---------- Data to use

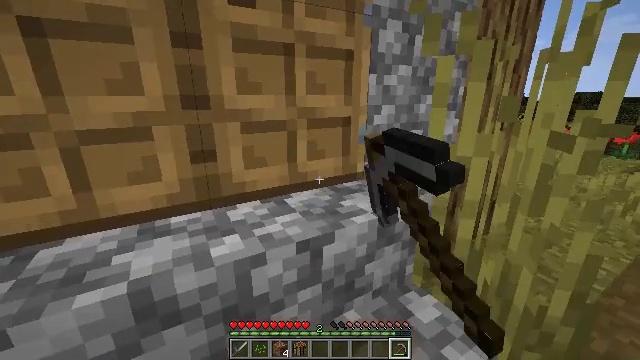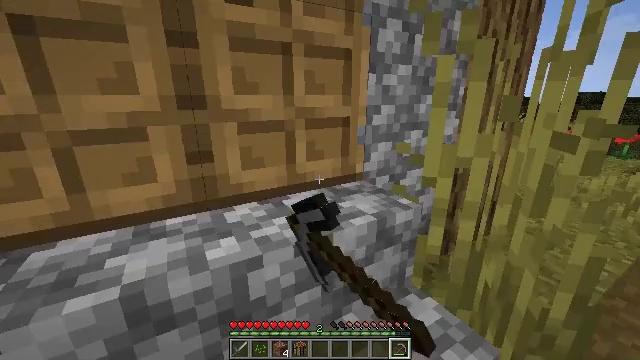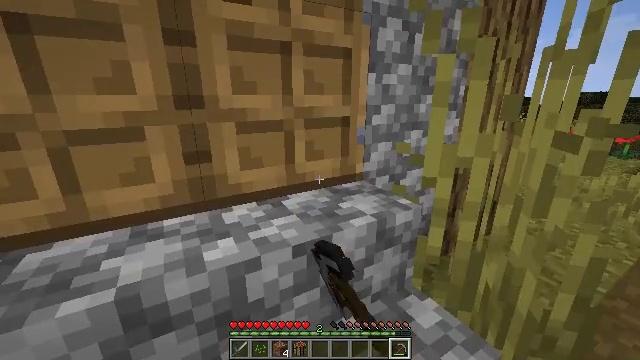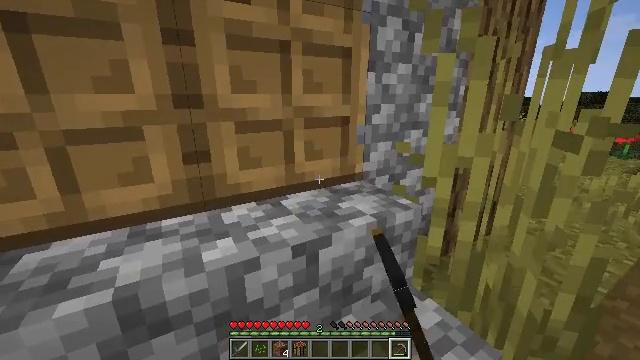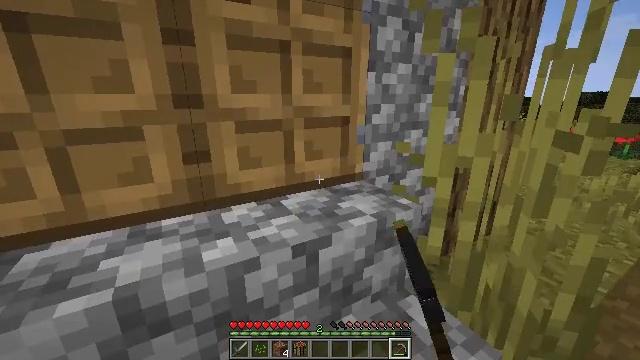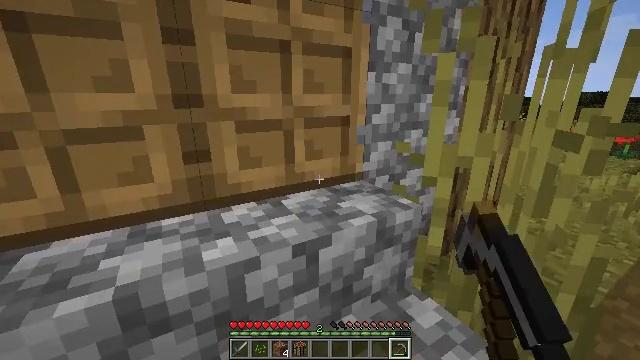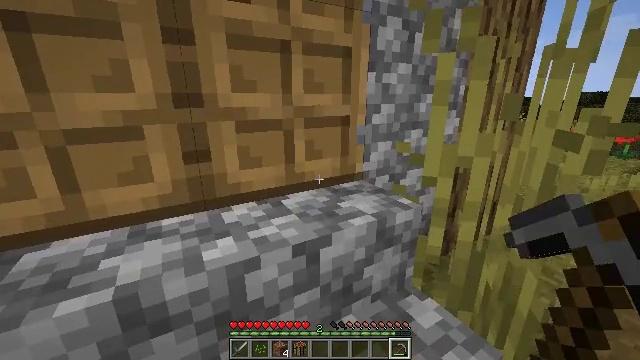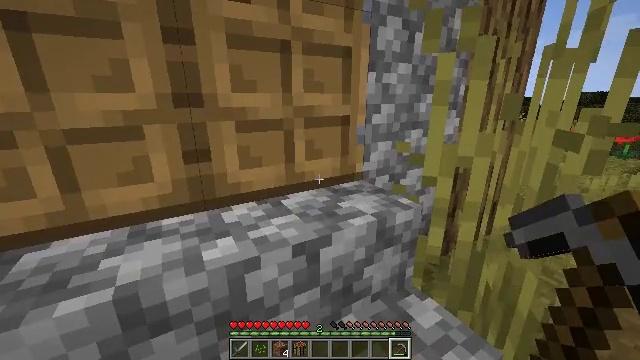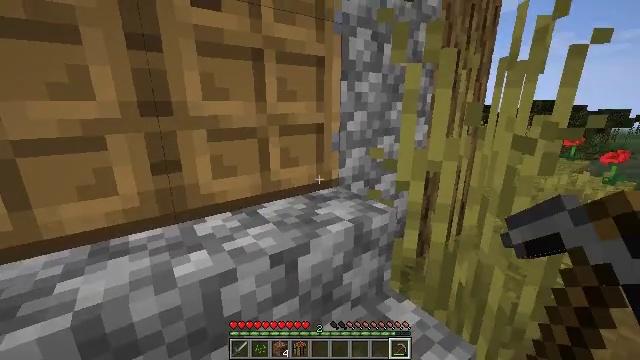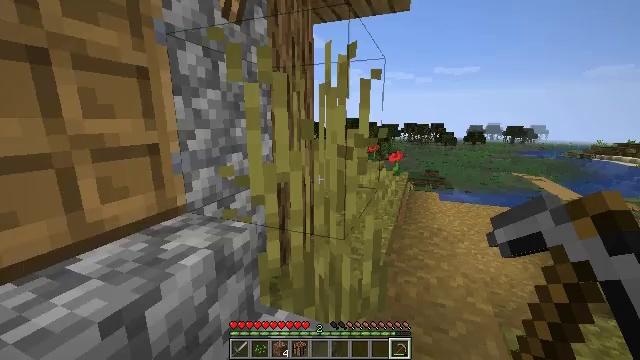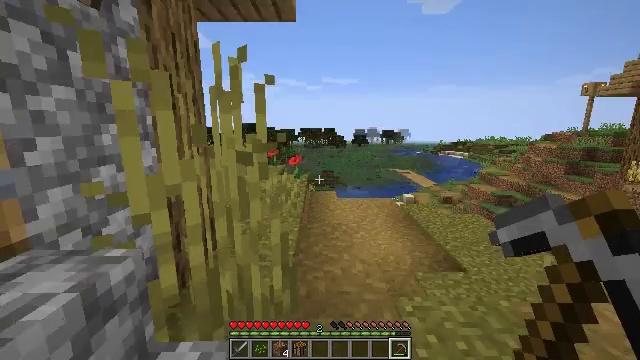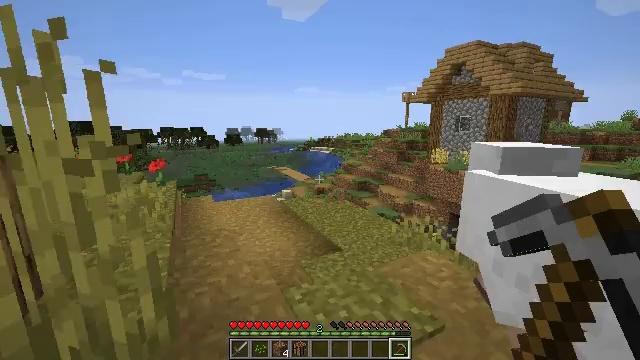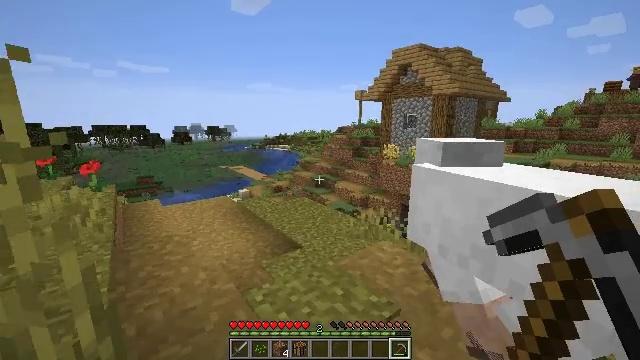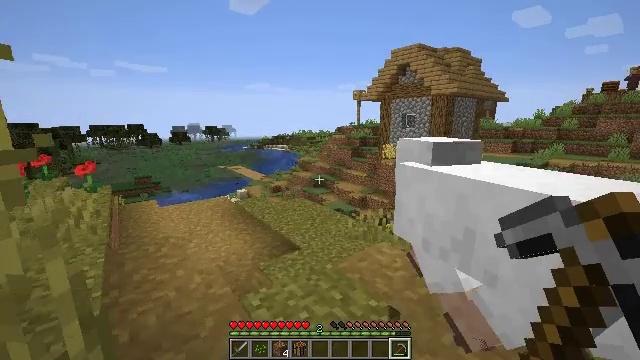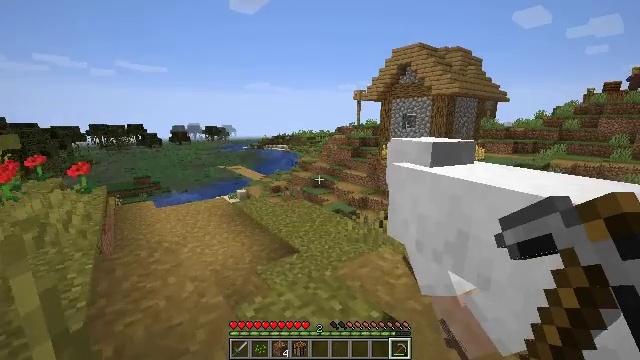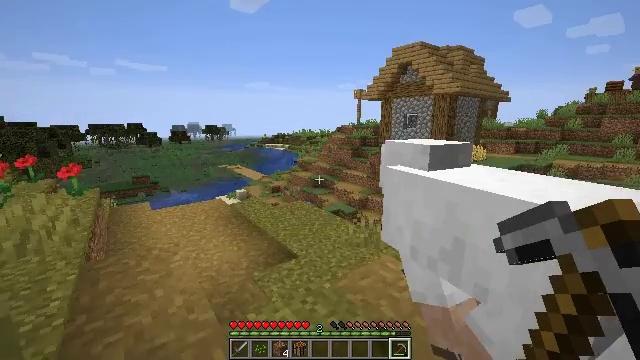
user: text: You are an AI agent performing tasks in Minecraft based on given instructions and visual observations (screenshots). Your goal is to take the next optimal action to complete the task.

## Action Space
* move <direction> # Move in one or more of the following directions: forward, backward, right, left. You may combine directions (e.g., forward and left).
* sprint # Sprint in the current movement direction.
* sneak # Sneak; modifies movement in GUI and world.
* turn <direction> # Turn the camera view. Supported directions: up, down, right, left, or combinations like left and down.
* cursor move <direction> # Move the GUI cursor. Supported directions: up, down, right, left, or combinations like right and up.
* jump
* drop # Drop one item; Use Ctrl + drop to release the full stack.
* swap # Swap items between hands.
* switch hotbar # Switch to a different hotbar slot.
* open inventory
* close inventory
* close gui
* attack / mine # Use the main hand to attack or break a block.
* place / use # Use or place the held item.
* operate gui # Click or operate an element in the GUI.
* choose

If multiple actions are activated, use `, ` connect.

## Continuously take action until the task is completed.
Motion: motion action
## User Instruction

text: Drop wheat seeds.
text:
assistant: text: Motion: use / place
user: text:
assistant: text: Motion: use / place
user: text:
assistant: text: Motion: no_op
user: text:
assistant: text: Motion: no_op
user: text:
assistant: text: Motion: no_op
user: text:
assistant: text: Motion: no_op
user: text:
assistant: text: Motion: no_op
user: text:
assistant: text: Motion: turn right and up
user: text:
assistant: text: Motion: turn right and up
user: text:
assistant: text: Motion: turn right and up
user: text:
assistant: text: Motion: turn right
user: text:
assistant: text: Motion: turn right
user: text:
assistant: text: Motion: move forward
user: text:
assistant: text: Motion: move forward
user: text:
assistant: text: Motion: move forward
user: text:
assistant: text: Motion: move forward
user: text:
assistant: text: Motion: move forward
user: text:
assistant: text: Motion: move forward
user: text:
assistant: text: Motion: move forward
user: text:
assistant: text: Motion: move forward
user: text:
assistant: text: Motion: move forward
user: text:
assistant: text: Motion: move forward
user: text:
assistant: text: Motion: move forward and move left
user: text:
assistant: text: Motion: move forward and move left
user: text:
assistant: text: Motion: move forward and move left
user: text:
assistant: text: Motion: move forward and move left
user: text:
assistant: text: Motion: move forward and move left
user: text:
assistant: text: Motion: move forward and move left
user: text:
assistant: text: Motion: move forward and move left
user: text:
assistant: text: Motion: move forward and move left

--------------------

» **Exercise goal**: Give the number of lines in the records that hold the word "movement", with no other words.

» **Solution below**: 2